Reflections: Michael Warrilow, Hydrasight

Michael Warrilow, director of analyst company Hydrasight, predicts relatively flat enterprise IT budgets for 2007 Q. What's your outlook for the tech sector in Asia-Pacific in 2007?

Michael Warrilow
Michael Warrilow, director of analyst company Hydrasight, predicts relatively flat enterprise IT budgets for 2007

Q. What's your outlook for the tech sector in Asia-Pacific in 2007?
We'll consider this from two perspectives: first, the vendor (seller), and second, the end user (buyer).

For the vendors, it is becoming increasingly difficult to penetrate enterprise customers due to market saturation. This will be a major challenge for enterprise vendors in the tech sector in 2007 in Asia-Pacific. Hydrasight also expects continuing consolidation among software vendors.
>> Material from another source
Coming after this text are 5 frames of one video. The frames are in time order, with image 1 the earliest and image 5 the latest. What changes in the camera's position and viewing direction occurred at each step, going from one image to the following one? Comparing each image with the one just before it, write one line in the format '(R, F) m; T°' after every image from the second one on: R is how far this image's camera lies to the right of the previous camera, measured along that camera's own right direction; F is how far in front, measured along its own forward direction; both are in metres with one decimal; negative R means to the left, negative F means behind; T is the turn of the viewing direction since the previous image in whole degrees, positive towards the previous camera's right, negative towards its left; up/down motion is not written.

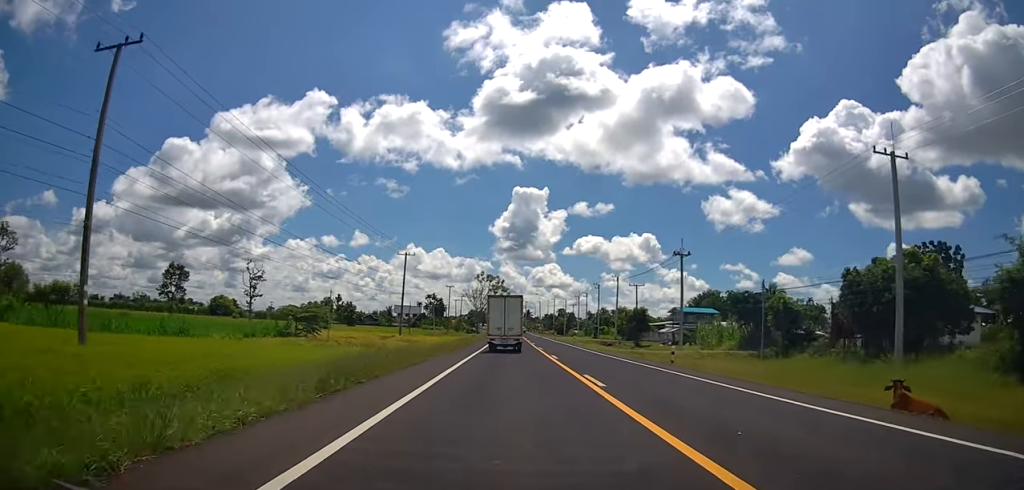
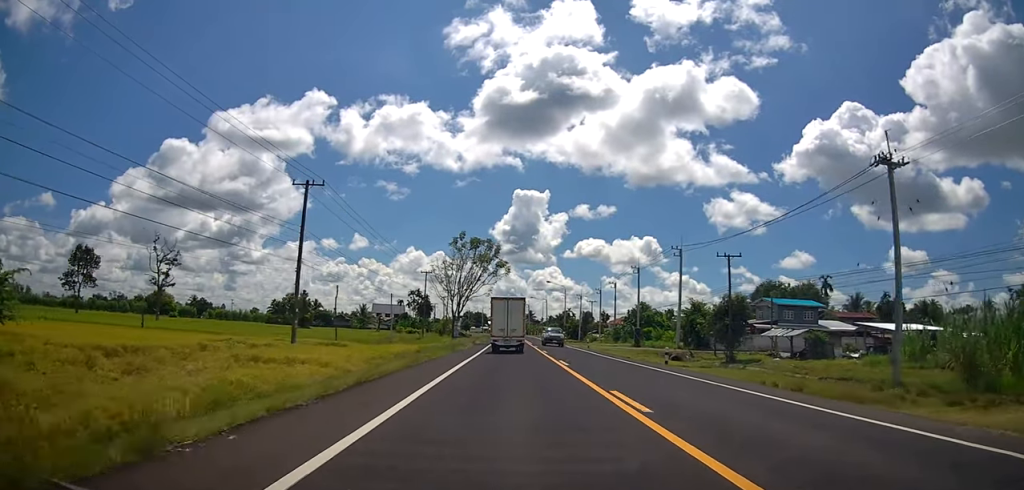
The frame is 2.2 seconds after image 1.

It's also becoming harder for vendors to compete just on product functionality. In fact, we believe that functionality now has limited importance as a differentiator (for tech vendors selling to enterprise customers). We believe that it is solution delivery, including services and business outcomes, that will determine winners and losers in the tech sector in 2007 and beyond.

The tech market for midsize organizations remains confused, with too little differentiation and vendors that 'flip flop' on their targets. This results in a lack of long-term commitment, with many SME vendors chasing 'trends', hence making this market unstable. Even still, there will be growth in SME because there are always new small and midsize companies starting up, particularly in countries such as China and India but also Indonesia, Thailand and Vietnam.

The tech market for midsize organizations remains confused, with too little differentiation and vendors that 'flip flop' on their targets.

From the end-user perspective, we expect to see growth in areas such as server virtualization, plus workgroup-driven analytics and business process management. Overall, we expect relatively flat enterprise IT budgets to continue in 2007.

However, this will mask several spending patterns, including doing 'more with same' (as opposed to doing 'more with less'), and continued spending by business units outside of the control of the IT organization.

What are the top 3 market drivers?
The first is a combination of optimism and amnesia in regard to the ability for new technology to achieve improved business outcomes. This will be strengthened by refresh cycles as we continue to climb out of the post-Y2K 'trough' in regard to major IT capital investment.

The second is the desire for improved business processes, via the assumption that investment in BPM (business process management) will improve business process automation and business outcomes

Of interest, although not a top 3 driver, we also expect to see social and environmental issues coming into the agenda in 2007. This will be driven by rising consumer interest and demand.

Name three hot tech markets/technologies that would be worth investing in and why?
Investments can be looked at from at least two perspectives: financial investments and IT purchasing investments.

In terms of financial investments, it's been suggested that the top three to four global software companies realize most (75%+) of the profits. This, therefore, makes them a sound investment. To balance that--with a little risk--it would be prudent to punt on a few startups with a good chance of being the 'next big thing'. Of these, social computing seems to be the most 'trendy' at present. Overall though, investments seem to continue to lack the lustre of pre-2001. Worse, we expect to see 'fast rises and faster demises' among new IT startups in future.

As for IT purchasing decisions in the enterprise, we see vertical-specific focus, particularly in areas like the Payment Card Industry (PCI) data security standard, plus an increasing gulf between the organizations that are willing to make investments in IT to improve innovation and performance, and those just wanting to do 'more with same'. The latter will continue to be subject to budget pressures and (often failed) outsourcing arrangements.